Incisive observations on popular music, poetry, and culture, and on the ways that gender, race, class, and contemporary politics shape artistic production.
Poet and critic Tyrone Williams (1954–2024) was a prolific reviewer of poetry, poetics, and culture, publishing nearly 150 reviews between 1975 and 2023. Starting with his omnibus reviews of music in a college student newspaper, this collection presents a selection of Williams's reviews that address prominent topics in American culture and in literary criticism, including the reception of experimental and innovative poetry; the history of African American writing and its reception; and the ways that poets, other writers, and musicians negotiate gender, class, and race. Williams understood art as deeply connected to everyday living. From readings attentive to the nuances of a single line of verse to broad evaluations of poetry collections and music in relation to historical and contemporary movements or events, Williams's reviews are instructive for students of American literature and culture and for anyone interested in the profound work poetry performs in the twentieth- and twenty-first centuries. Written in engaging and often witty and impassioned prose, these reviews will both delight and provoke their readers.
"I know of nothing to compare to this volume by Tyrone Williams. It stands as a master class in the musical and literary culture of the recent decades." — Aldon Lynn Nielsen, Pennsylvania State University
Cristanne Miller is Distinguished Professor and Edward H. Butler Professor of English Emerita at the University at Buffalo, SUNY. She is the author of Reading In Time: Emily Dickinson in the Nineteenth Century.
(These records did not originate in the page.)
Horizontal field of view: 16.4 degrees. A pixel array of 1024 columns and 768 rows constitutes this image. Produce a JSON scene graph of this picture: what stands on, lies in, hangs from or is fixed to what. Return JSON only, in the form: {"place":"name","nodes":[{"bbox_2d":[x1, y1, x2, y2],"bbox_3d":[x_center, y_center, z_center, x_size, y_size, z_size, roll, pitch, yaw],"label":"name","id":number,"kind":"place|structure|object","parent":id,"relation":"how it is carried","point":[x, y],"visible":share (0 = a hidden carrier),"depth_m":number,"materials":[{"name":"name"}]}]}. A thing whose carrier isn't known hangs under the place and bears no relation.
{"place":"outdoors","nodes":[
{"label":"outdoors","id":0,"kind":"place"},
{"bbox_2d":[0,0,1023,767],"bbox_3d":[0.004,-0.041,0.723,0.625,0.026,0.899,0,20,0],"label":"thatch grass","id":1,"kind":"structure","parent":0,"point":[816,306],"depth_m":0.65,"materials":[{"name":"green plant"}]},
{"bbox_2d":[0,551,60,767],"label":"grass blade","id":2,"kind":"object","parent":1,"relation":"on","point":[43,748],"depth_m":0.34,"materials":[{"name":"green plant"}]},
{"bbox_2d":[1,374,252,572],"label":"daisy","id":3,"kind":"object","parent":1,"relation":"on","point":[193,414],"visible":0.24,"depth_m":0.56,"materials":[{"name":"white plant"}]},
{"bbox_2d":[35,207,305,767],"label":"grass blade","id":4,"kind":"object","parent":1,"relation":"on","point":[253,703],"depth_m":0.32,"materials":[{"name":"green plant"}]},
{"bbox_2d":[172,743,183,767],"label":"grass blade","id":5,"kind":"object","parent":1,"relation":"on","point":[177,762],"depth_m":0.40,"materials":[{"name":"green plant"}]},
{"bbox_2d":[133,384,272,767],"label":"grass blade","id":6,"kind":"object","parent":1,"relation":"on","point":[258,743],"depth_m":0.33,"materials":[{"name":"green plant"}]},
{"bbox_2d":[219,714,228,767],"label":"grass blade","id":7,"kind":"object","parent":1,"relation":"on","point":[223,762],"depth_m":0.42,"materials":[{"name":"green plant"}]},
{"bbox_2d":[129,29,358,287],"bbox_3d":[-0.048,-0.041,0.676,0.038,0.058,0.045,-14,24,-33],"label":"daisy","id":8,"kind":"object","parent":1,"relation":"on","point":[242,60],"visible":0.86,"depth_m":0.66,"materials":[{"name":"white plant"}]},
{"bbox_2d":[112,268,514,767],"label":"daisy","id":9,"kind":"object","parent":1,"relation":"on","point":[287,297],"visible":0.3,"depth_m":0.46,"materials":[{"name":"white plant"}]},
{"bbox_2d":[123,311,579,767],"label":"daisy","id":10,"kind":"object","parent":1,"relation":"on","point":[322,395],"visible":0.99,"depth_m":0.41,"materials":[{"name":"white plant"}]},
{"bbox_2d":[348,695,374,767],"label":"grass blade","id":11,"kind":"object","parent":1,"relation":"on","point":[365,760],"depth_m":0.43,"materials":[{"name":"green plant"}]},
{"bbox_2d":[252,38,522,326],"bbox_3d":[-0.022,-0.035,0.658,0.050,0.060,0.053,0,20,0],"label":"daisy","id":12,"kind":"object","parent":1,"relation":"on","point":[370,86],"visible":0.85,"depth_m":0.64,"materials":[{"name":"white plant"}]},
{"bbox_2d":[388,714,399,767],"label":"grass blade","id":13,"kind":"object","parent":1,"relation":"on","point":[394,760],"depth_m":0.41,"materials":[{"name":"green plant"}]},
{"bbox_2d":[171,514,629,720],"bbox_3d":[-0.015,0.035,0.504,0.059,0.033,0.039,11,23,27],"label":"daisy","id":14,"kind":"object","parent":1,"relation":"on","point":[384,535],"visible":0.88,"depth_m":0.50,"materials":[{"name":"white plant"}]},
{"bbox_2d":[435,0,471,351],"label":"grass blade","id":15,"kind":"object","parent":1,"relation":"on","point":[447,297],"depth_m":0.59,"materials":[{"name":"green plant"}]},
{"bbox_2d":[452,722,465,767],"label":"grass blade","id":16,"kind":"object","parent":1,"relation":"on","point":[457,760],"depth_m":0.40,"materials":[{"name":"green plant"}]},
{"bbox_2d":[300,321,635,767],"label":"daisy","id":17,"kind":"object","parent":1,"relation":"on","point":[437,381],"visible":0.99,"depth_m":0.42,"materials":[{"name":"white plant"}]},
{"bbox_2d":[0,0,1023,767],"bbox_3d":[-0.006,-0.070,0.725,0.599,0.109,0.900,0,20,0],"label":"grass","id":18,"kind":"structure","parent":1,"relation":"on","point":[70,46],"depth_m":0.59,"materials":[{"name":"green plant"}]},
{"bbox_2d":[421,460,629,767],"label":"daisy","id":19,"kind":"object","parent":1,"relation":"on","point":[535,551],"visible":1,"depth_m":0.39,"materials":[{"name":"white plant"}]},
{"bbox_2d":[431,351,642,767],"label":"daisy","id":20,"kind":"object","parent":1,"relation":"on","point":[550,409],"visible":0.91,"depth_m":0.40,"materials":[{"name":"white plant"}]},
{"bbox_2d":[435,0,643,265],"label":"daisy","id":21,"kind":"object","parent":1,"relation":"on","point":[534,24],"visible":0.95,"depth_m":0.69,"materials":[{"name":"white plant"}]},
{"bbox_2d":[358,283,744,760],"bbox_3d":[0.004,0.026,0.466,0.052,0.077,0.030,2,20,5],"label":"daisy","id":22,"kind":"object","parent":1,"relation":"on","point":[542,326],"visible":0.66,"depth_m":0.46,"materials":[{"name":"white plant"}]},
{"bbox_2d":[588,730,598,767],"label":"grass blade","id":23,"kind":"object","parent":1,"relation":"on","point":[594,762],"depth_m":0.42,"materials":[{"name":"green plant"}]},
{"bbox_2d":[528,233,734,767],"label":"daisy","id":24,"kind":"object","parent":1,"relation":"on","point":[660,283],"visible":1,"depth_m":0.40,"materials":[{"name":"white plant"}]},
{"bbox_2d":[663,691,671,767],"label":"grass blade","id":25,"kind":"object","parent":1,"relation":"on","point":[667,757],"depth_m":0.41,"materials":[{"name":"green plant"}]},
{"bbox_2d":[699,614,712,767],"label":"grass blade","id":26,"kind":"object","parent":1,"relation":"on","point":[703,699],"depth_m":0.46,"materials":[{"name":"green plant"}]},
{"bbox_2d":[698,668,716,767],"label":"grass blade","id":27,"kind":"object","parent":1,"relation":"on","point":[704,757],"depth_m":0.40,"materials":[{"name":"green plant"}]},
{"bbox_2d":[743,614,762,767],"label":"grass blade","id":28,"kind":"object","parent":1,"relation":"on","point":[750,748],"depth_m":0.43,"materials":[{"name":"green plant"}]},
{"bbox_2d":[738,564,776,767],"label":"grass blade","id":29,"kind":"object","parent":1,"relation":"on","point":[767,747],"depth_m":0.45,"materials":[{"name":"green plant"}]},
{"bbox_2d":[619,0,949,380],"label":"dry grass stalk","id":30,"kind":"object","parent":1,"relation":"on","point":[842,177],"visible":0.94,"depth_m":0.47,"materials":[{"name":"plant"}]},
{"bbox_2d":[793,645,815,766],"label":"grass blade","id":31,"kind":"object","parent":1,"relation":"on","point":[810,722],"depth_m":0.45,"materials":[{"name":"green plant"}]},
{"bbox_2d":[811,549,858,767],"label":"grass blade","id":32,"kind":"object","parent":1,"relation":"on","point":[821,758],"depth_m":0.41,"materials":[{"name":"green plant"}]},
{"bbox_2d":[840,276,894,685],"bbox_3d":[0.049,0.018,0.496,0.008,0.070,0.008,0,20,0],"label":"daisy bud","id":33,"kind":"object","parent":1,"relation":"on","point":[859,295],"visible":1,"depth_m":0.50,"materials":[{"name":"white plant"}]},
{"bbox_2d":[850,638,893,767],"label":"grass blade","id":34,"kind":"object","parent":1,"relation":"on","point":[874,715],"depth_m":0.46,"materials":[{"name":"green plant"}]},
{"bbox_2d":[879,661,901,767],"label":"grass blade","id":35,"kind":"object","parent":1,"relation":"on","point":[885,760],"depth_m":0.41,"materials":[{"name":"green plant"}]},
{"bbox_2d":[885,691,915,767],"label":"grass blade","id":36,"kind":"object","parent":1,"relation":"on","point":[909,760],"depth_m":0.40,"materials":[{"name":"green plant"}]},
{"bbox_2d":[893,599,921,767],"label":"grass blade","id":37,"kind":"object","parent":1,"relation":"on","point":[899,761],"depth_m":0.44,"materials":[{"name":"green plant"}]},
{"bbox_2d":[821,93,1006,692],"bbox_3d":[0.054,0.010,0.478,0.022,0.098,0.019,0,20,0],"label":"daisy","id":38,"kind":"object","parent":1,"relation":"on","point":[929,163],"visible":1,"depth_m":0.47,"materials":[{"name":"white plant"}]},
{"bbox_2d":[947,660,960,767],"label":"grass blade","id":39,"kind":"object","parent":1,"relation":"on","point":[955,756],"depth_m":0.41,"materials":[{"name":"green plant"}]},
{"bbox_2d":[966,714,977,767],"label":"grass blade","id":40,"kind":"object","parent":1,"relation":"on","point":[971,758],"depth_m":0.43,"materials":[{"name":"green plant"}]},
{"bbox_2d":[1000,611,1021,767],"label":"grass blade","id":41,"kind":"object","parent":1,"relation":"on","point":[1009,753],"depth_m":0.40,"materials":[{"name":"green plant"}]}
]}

Claire Tranchino is a PhD candidate in English at the University at Buffalo, SUNY. Her research examines the construction of gender and race in contemporary American poetry through psychoanalytic and aesthetic theories. Aaron VanSteinberg is also a PhD candidate in English at the University at Buffalo, SUNY. His research charts the relationships between race, professionalism, and labor in postwar North American poetry. Evie Shockley is Zora Neale Hurston Distinguished Professor of English at Rutgers University.